Only the lines from the one containing "དོན་ཡོད་ཞབས་ཀྱིས་ཀྱང་། དང་པོ་རེ་ཞིག་རྣལ་འབྱོར་པ། །ཞེས་པ་ནས།" through the end of the data below should be copied, each exactly as written and with both ends kept.

(Data section)

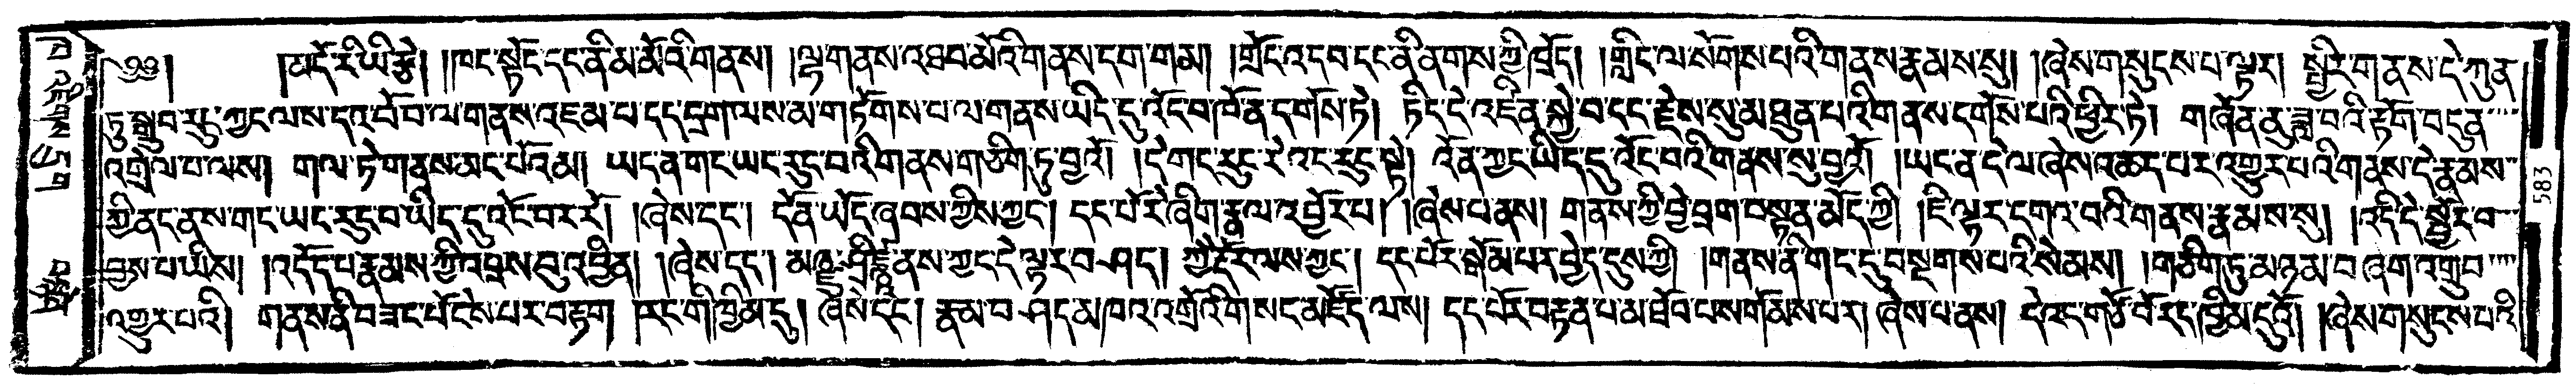༄༅། །མདོ་རི་ཡི་རྩེ། །ཁང་སྟོང་དང་ནི་མ་མོའི་གནས། །ལྷ་གནས་འཐབ་མོའི་གནས་དག་གམ། །གྲོང་འདབ་དང་ནི་ནགས་ཀྱི་ཁྲོད། །གླིང་ལ་སོགས་པའི་གནས་རྣམས་སུ། །ཞེས་གསུངས་པ་ལྟར། སྤྱིར་གནས་དེ་ཀུན་
ཏུ་སྒྲུབ་རུང་ཀྱང་ལས་དང?་བོ་བ་ལ་གནས་འཇམ་པ་དད་དྲག་ལས་མ་གཏོགས་པ་ལ་གནས་ཡིད་དུ་འོང་བ་ཁོ་ན་དགོས་ཏེ། ཏིང་ངེ་འཛིན་སྐྱེ་བ་དང་རྗེས་སུ་མཐུན་པའི་གནས་དགོས་པའི་ཕྱིར་ཏེ། གཞོན་ནུ་ཟླ་བའི་རྟོག་བདུན་
འགྲེལ་པ་ལས། གལ་ཏེ་གནས་མང་པོའམ། ཡང་ན་གང་ཡང་རུང་བའི་གནས་གཅིག་ཏུ་བྱའོ། །དེ་གང་རུང་རེའང་རུང་སྟེ། འོན་ཀྱང་ཡིད་དུ་འོང་བའི་གནས་སུ་བྱའོ། །ཡང་ན་དེ་ལ་ཞེས་འཆད་པར་འགྱུར་བའི་གནས་དེ་རྣམས་
ཀྱི་ནང་ནས་གང་ཡང་རུང་བ་ཡིད་དུ་འོང་བར་རོ། །ཞེས་དང་། དོན་ཡོད་ཞབས་ཀྱིས་ཀྱང་། དང་པོ་རེ་ཞིག་རྣལ་འབྱོར་པ། །ཞེས་པ་ནས། གནས་ཀྱི་བྱེ་བྲག་བསྟན་མོད་ཀྱི། །ཇི་ལྟར་དགའ་བའི་གནས་རྣམས་སུ། །འདི་དེ་སྦྱོར་བ་
བྱས་པ་ཡིས། །འདོད་པ་རྣམས་ཀྱི་འབྲས་བུ་འབྱིན། །ཞེས་དང་། མཉྫུ་ཤྲི་ཛྙཱ་ནས་ཀྱང་དེ་ལྟར་བཤད། ཀྱཻ་རྡོར་ལས་ཀྱང་། དང་པོར་སྒོམ་པར་བྱེད་དུས་ཀྱི། །གནས་ནི་གང་དུ་བསྔགས་པའི་སེམས། །གཅིག་ཏུ་མཉམ་བཞག་འགྲུབ་
འགྱུར་བའི། གནས་ནི་བཟང་པོ་ངེས་པར་བརྟག །རང་གི་ཁྱིམ་དུ། ཞེས་དང་། རྣམ་བཤད་མཁའ་འགྲོའི་གསང་མཛོད་ལས། དང་པོར་བརྟན་པ་མ་ཐོབ་པས་གོམས་པར། ཞེས་པ་ནས། དེའང་གཙོ་བོ་རང་ཁྱིམ་དུའོ། །ཞེས་གསུངས་པའི་

(End Data section)

* Result
ཀྱི་ནང་ནས་གང་ཡང་རུང་བ་ཡིད་དུ་འོང་བར་རོ། །ཞེས་དང་། དོན་ཡོད་ཞབས་ཀྱིས་ཀྱང་། དང་པོ་རེ་ཞིག་རྣལ་འབྱོར་པ། །ཞེས་པ་ནས། གནས་ཀྱི་བྱེ་བྲག་བསྟན་མོད་ཀྱི། །ཇི་ལྟར་དགའ་བའི་གནས་རྣམས་སུ། །འདི་དེ་སྦྱོར་བ་
བྱས་པ་ཡིས། །འདོད་པ་རྣམས་ཀྱི་འབྲས་བུ་འབྱིན། །ཞེས་དང་། མཉྫུ་ཤྲི་ཛྙཱ་ནས་ཀྱང་དེ་ལྟར་བཤད། ཀྱཻ་རྡོར་ལས་ཀྱང་། དང་པོར་སྒོམ་པར་བྱེད་དུས་ཀྱི། །གནས་ནི་གང་དུ་བསྔགས་པའི་སེམས། །གཅིག་ཏུ་མཉམ་བཞག་འགྲུབ་
འགྱུར་བའི། གནས་ནི་བཟང་པོ་ངེས་པར་བརྟག །རང་གི་ཁྱིམ་དུ། ཞེས་དང་། རྣམ་བཤད་མཁའ་འགྲོའི་གསང་མཛོད་ལས། དང་པོར་བརྟན་པ་མ་ཐོབ་པས་གོམས་པར། ཞེས་པ་ནས། དེའང་གཙོ་བོ་རང་ཁྱིམ་དུའོ། །ཞེས་གསུངས་པའི་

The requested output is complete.